01 July, 2010

The World for Women

Good afternoon.

Hope you are having a wonderful Thursday. Only one more day until the three day weekend. I am looking forward to the day off, though I have no idea what I am going to do. I went for an interview this morning to volunteer with an organization helping women who've suffered abuse and sexual assault. They do a myriad of programs. I'm excited (and humbled) to work with them. I have known for a while that working with women who've suffered sexual abuse is where I should be. But it's an intimidating world. It's a world full of cowardice (the men who could beat or rape a woman) and pain and a lot of misunderstanding. 

I am saddened by how often the victims - the women who were raped or abused - are the ones who face the stigma of what's happened. And yet the men get to walk around stigma free, abusing/using women, no consequences. She suffers in silence or is told it's her fault and ostracized from her community. It's the same with prostitution. We blame the women, call them hussies, sluts, whores, say they wanted it. They patrol the streets looking for easy men to prey on, it's not his fault, men can't be expected to control themselves in-front of a short skirt. But in that patriarchal mentality is the issue. 

When i was at Duke a few weeks ago we started talking about the woman at the well. She is dragged out before Jesus for committing adultery. But where is the man? You can't commit adultery alone. We don't know anything before that moment - were they caught together? Did she report a rape and no one believed her? Was her lover in the crowd, holding a stone, ready to end her life for something he participated in? 

In 2008 a 13 year old girl was killed for committing adultery. Or so they said. What really happened? She was raped by three men and when she tried to report it - tried to do the right thing - she was charged as an adulteress and killed. The three men? Well, I doubt anything happened to them. 

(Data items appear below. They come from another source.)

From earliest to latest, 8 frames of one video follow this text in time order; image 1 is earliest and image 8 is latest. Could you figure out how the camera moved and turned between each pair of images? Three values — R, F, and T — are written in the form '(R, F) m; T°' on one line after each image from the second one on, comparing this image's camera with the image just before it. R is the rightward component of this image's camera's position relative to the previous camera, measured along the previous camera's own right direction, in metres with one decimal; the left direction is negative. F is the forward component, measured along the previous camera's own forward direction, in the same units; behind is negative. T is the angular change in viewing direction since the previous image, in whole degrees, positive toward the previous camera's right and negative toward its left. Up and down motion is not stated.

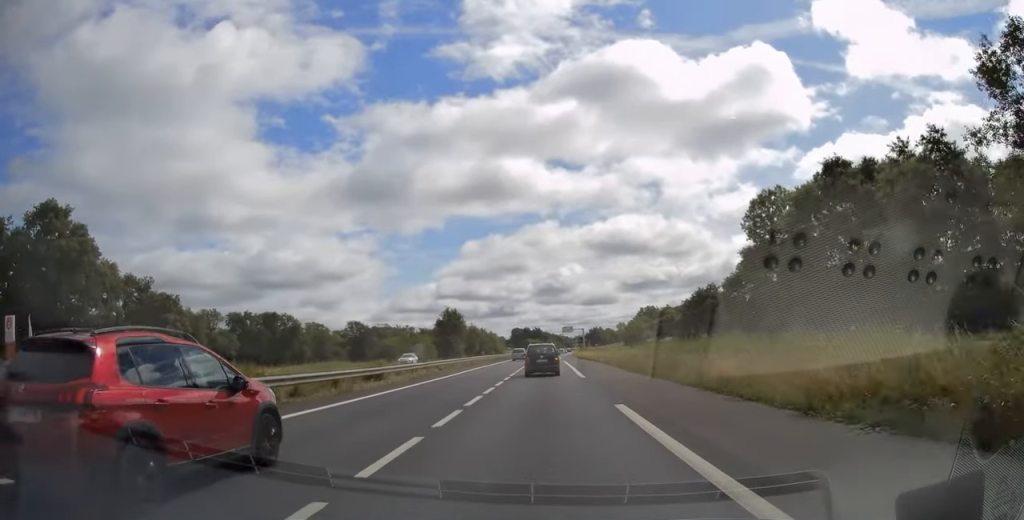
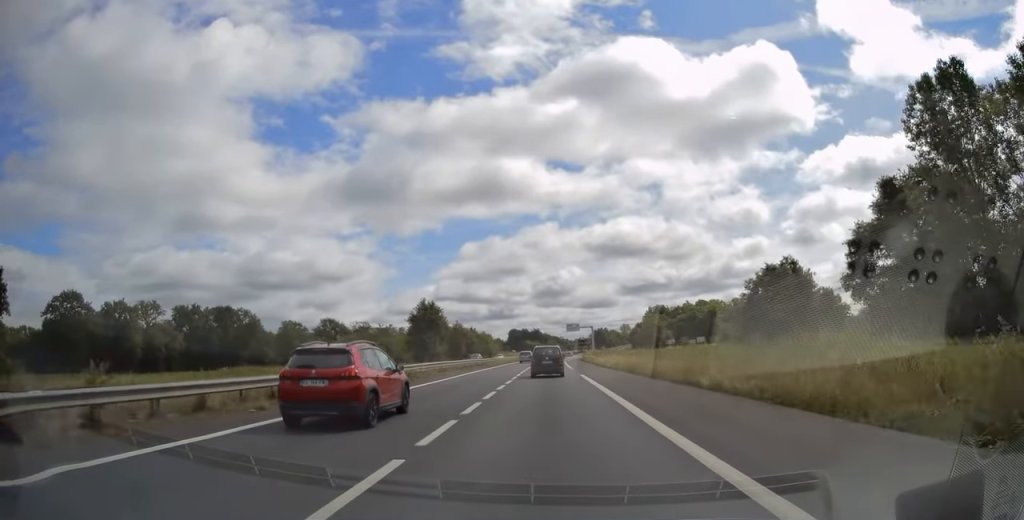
(+0.3, +31.9) m; 0°
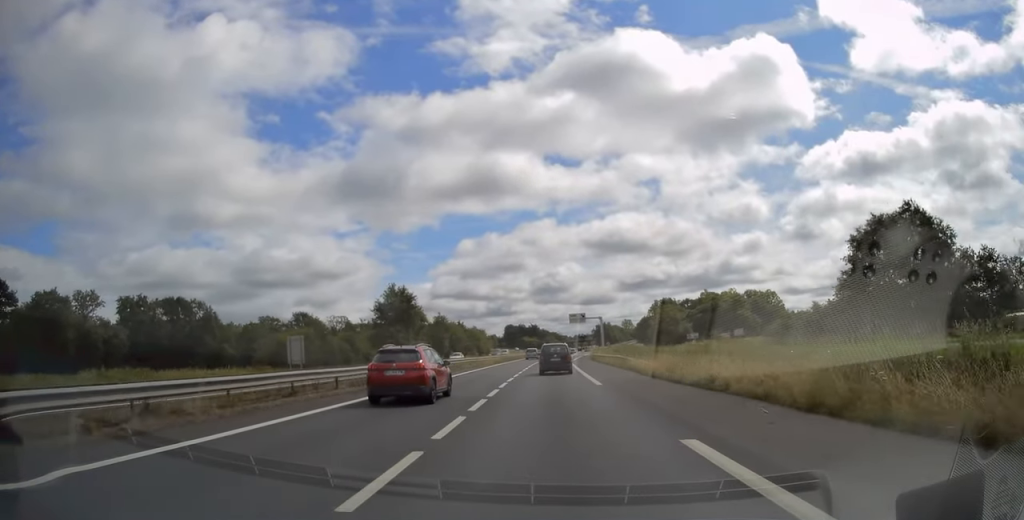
(-0.2, +25.0) m; 0°
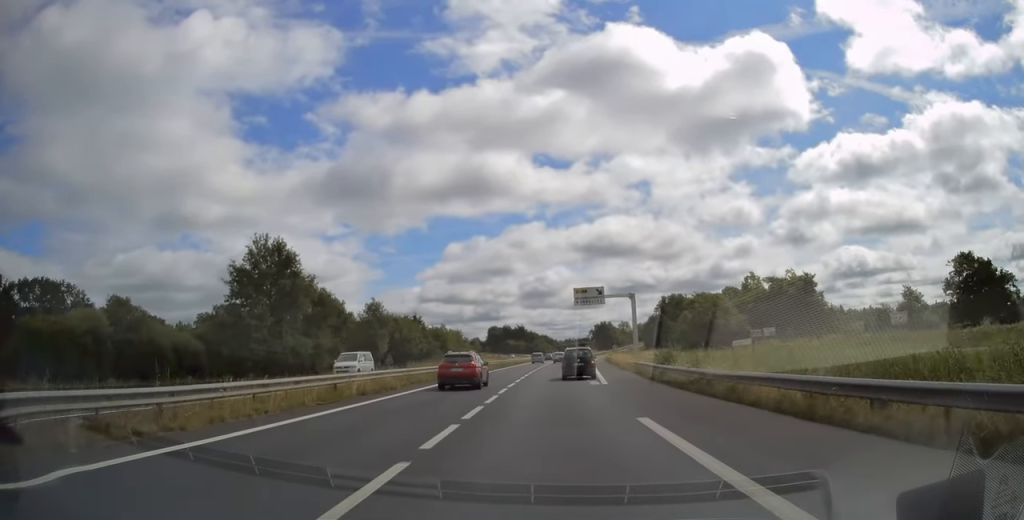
(+0.5, +47.3) m; +1°
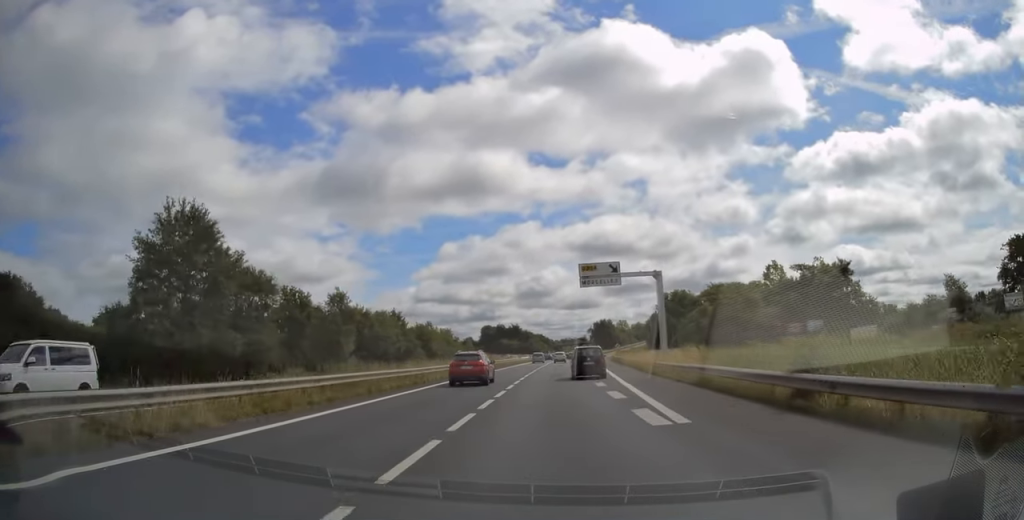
(0.0, +14.8) m; 0°
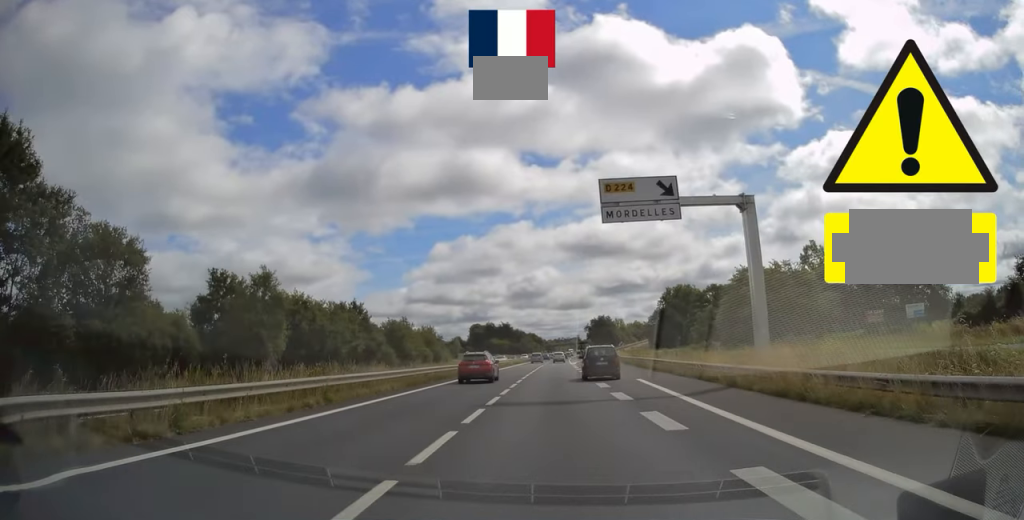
(0.0, +20.1) m; +1°
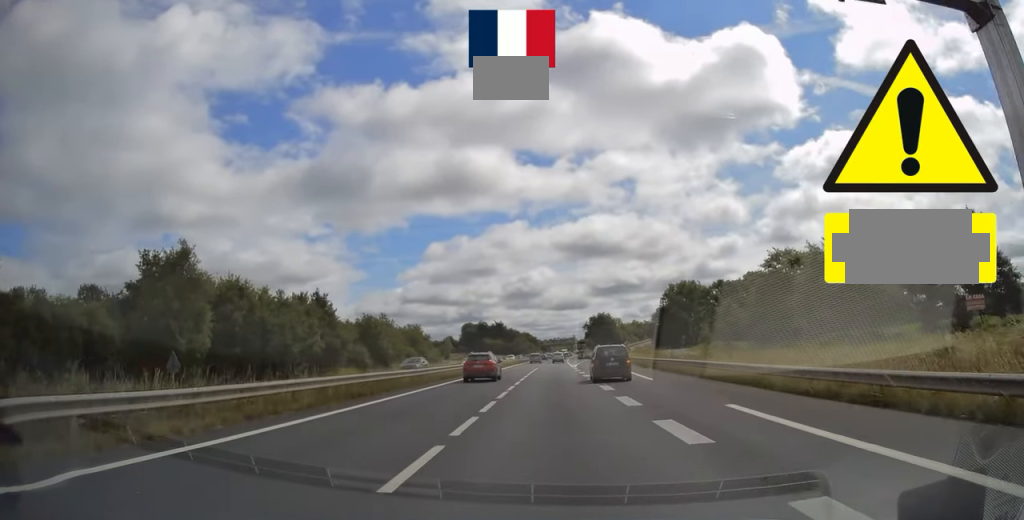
(0.0, +14.3) m; +1°
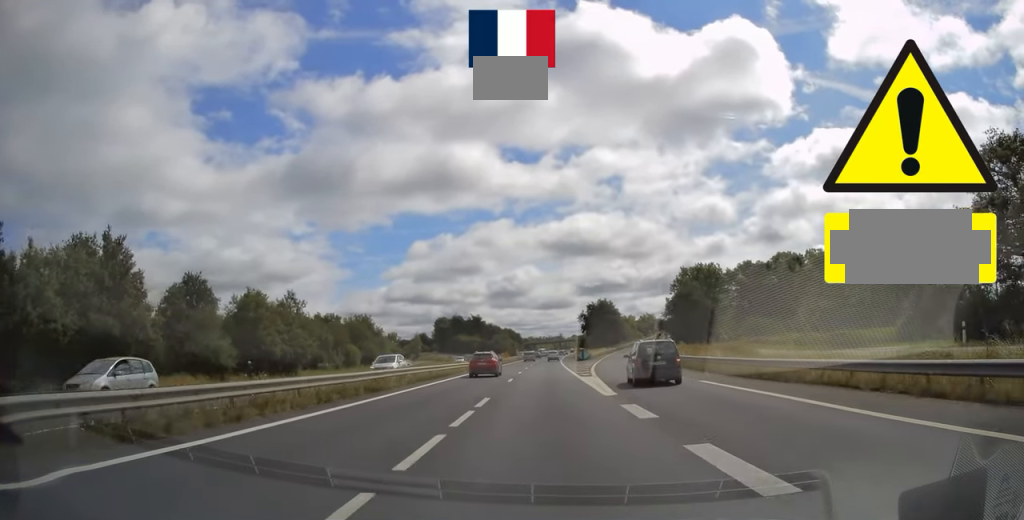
(+0.3, +41.4) m; 0°

This is wrong. This should make you angry. This should make you livid and irate and outraged at the stupidity of that story.

Does it? Does it make you made? Or can you let it go because it happens over there? Somalia is a difficult place, they don't have their act together, of course you would expect that there?

Seriously?

And what if I told you it happens every day in America. Maybe we don't stone people - but the culture of letting perpetrators get away with rape and abuse still remains. Someone told me the other day that she heard of a woman pressing charges for rape. But she had worn a short skirt and flirted with the man, she led him on, kept drinking, so that wasn't rape, it was regret. I bit my tongue and watched her - realizing that mentality is why these crimes are vastly underreported and how, somehow, we can feel sympathy for the attacker and not for the women they hurt. 

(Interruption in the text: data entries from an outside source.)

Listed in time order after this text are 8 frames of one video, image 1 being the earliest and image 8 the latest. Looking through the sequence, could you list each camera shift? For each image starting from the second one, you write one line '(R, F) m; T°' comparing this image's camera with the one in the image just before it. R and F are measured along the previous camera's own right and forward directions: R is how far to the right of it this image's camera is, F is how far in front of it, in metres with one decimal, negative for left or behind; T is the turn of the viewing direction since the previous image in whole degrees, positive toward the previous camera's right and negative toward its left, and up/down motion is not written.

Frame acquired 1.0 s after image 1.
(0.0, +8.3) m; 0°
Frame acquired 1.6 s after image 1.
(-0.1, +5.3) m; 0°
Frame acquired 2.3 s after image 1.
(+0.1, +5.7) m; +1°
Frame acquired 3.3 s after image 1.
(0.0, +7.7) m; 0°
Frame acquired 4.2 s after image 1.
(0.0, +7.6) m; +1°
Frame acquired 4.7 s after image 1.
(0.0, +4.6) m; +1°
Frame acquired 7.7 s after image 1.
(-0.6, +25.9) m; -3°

Now I will admit that sometimes it's not, sometimes it is regret, sometimes women claim rape or sexual assault or harassment when there isn't any to save face, or pull power or manipulate a situation. And to those women I say stop it. We have worked too hard and overcome too much for you to make it harder for women who were abused to step forward and get the help they need. 

The point?

I take a line from a recent Change.Org blog post:

Thirty years after the first UN treaty on women's rights was adopted, as GlobalPost reports today, millions of cases involving beatings, marital rapes, honor killings and genital mutilation still occur every year. Globally, one in three women have experienced some kind of physical violence. For example, in 2008 in France, nearly 160 women were killed by their husbands or partners. That same year, some 1,000 women were killed in Pakistan in cases of violence against women.

When so much of a village, a country, our world depends on women. When change starts at a home, at a community level, often by women, while men talk and debate, or worse, go around shooting each other. When families live and thrive with mothers... Why are we so quick to turn a blind eye to what happens to them? From abuse in the U.S., to prostitution and trafficking at the World Cup, honor killings in India, and laws that allow marital rape in Afghanistan - isn't it time that women get the respect and support they deserve?